Dinah Eng 2013年02月07日

他生在扬州,抗战期间逃往台湾。她生在缅甸,后来搬到香港。他们在美国相识。他父亲是个厨子,却从来没有自己的餐厅。他不想那样。40年前,他借钱开了第一家餐厅。她全力协助。如今,老两口打理的熊猫餐饮已经拥有1500家连锁店,足迹遍及全美,总营收超10亿。梦想终将照进现实。

程正昌、蒋佩琪夫妇坐在位于加利福尼亚罗斯米德市的熊猫餐饮集团总部内。

    靠着储蓄金和美国联邦小企业署的贷款凑起来的6万美元以及自家亲戚们的免费劳动,现年65岁的程正昌和62岁的蒋佩琪这对夫妇在1973年开办了他们自己的第一家中餐厅。如今,熊猫餐饮集团(Panda Restaurant Group)已经成为美国亚洲休闲快餐业的领军企业,2012年的营收超过17亿美元。这家总部位于加利福尼亚罗斯米德市的集团公司旗下管理着1,500多家熊猫快餐厅(Panda Express)、聚丰园餐厅(Panda Inn)和Hibachi-San日本料理餐厅,遍布全美42个州以及墨西哥首都墨西哥城。今年是熊猫餐饮集团成立40周年。这对夫妻档CEO分享了他们的创业故事:

    程正昌:二战开始之后的第二年,我出生在中国的扬州。5岁时,我们举家逃往台湾,8年之后,又移居日本。

    蒋佩琪:我出生在缅甸,后来随着全家定居香港并在那里长大。之后到美国读大学,在堪萨斯州鲍德温的贝克大学(Baker University)学习时遇到了程正昌。

    程:我们后来又一起去了密苏里大学(the University of Missouri),我在那儿攻读应用数学硕士。佩琪比我多上了几年,拿到了电子工程学博士学位。当时我在纽约上班,每个节假日去餐厅吃饭都要排队等座。我父亲本身就是厨师但却一直未能拥有自己的餐厅。我不想那样,从内心来说,我知道我想要拥有自己的事业。

    蒋:我倒是从未想过做生意,我所受到训练是要投身科学事业。

    程:我有个表兄正好在好莱坞租了个叫Ting Ho的餐厅,但他又不会讲英语,所以就来找我帮忙。这对我来说简直是个天上掉馅饼的好事儿。1972年,我搬到了加州。在他的餐厅,我每周工作7天,月薪800美元。过了几个月,我们俩在工作上出现了一些分歧。当时帕萨迪纳市正好有一间餐厅要出租,于是我父亲和我就从我那位表兄那儿借了些钱,又向联邦小企业署借了一笔贷款,就这么一共凑了6万美元把那间餐厅盘了下来。1973年6月8号,聚丰园餐厅正式开张。我们全家,包括我父母、一个哥哥和一个妹妹,全都在餐厅里免费做事。当时,我们身上所剩无几,全家人就挤在圣盖博市的一间两居室的公寓里。佩琪常常来看我们。我们在1975年结婚。

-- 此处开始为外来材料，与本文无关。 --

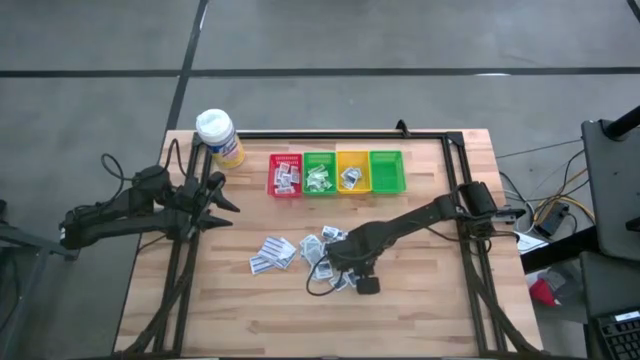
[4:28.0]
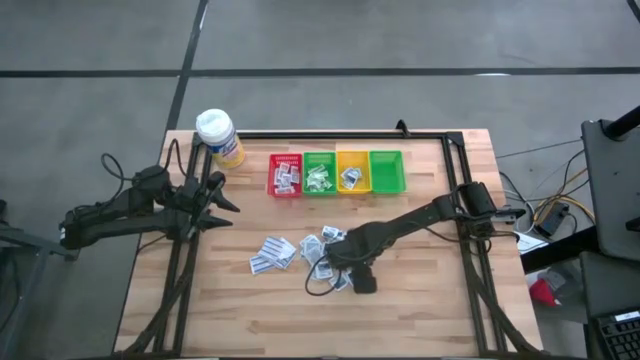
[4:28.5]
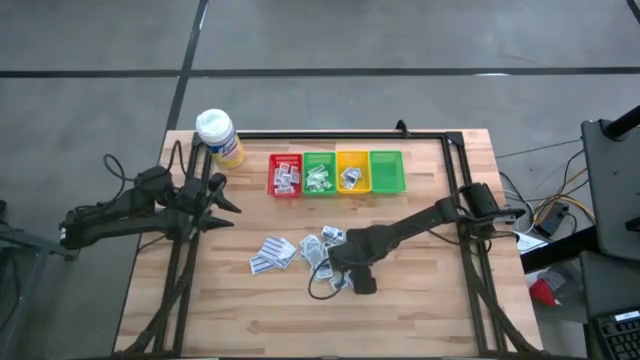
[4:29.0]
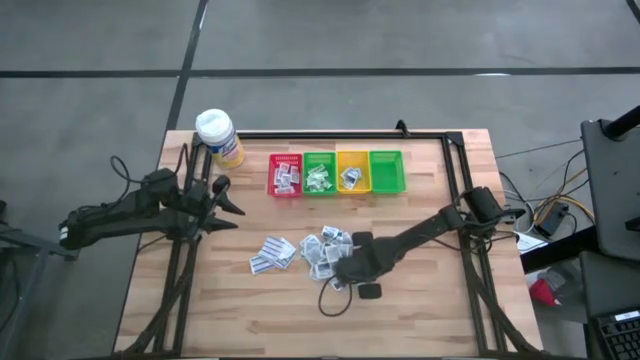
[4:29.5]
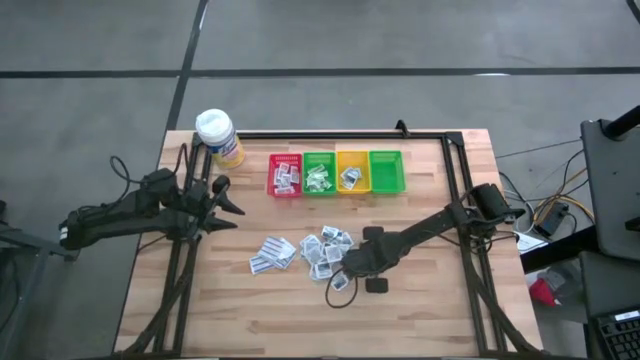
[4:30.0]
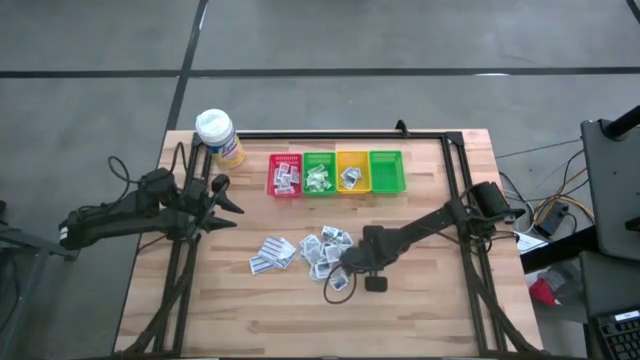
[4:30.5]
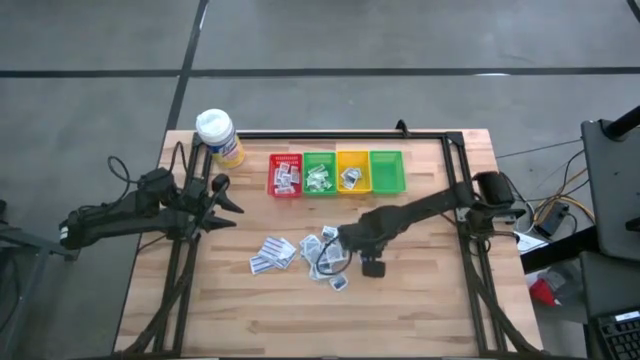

    蒋:我们第三个孩子出生前,我一直在麦道公司(McDonnell Douglas)和3M公司的工程部门工作。

    程:我父亲1981年去世,我很自然地担起了餐厅管理者的责任。我是个非常有干劲的人,喜欢成就感。1982年,我们在格兰代尔市开出了第二家聚丰园餐厅。

    蒋:我就是在那时加入了家族生意。

    程:我通过人脉结识了唐纳修家族。特里•唐纳修是加州大学洛杉矶分校(UCLA)橄榄球队的总教练,而他的弟弟则是幽谷拱廊商场(the Glendale Galleria)的开发商。他们邀请我在商场里开一家熊猫快餐厅。我记得那是1983年10月的事儿,而这第一家熊猫快餐厅经营得不错。因此,我又开出了更多的餐厅。1985年那一年,熊猫快餐厅的门店数就从5家增长到了9家。

    蒋:当时的机会很好。前十年,我们都是在商场里开店。

    Andrew and Peggy Cherng, now 65 and 62, respectively, opened their first Chinese restaurant in 1973 with $60,000 from savings and a Small Business Administration loan, plus relatives who worked for free. Today Panda Restaurant Group is the nation's leader in Asian fast-casual eateries, exceeding $1.7 billion in revenue in 2012. Their Rosemead, Calif., company now manages a total of 1,500 Panda Express, Panda Inn, and Hibachi-San restaurants in 42 states and Mexico City, and it is celebrating its 40th anniversary this year. The co-CEOs' story:

    Andrew Cherng: I was born in Yangzhou, China, two years after World War II started. I was 5 when my family escaped to Taiwan. Eight years later, we moved to Japan.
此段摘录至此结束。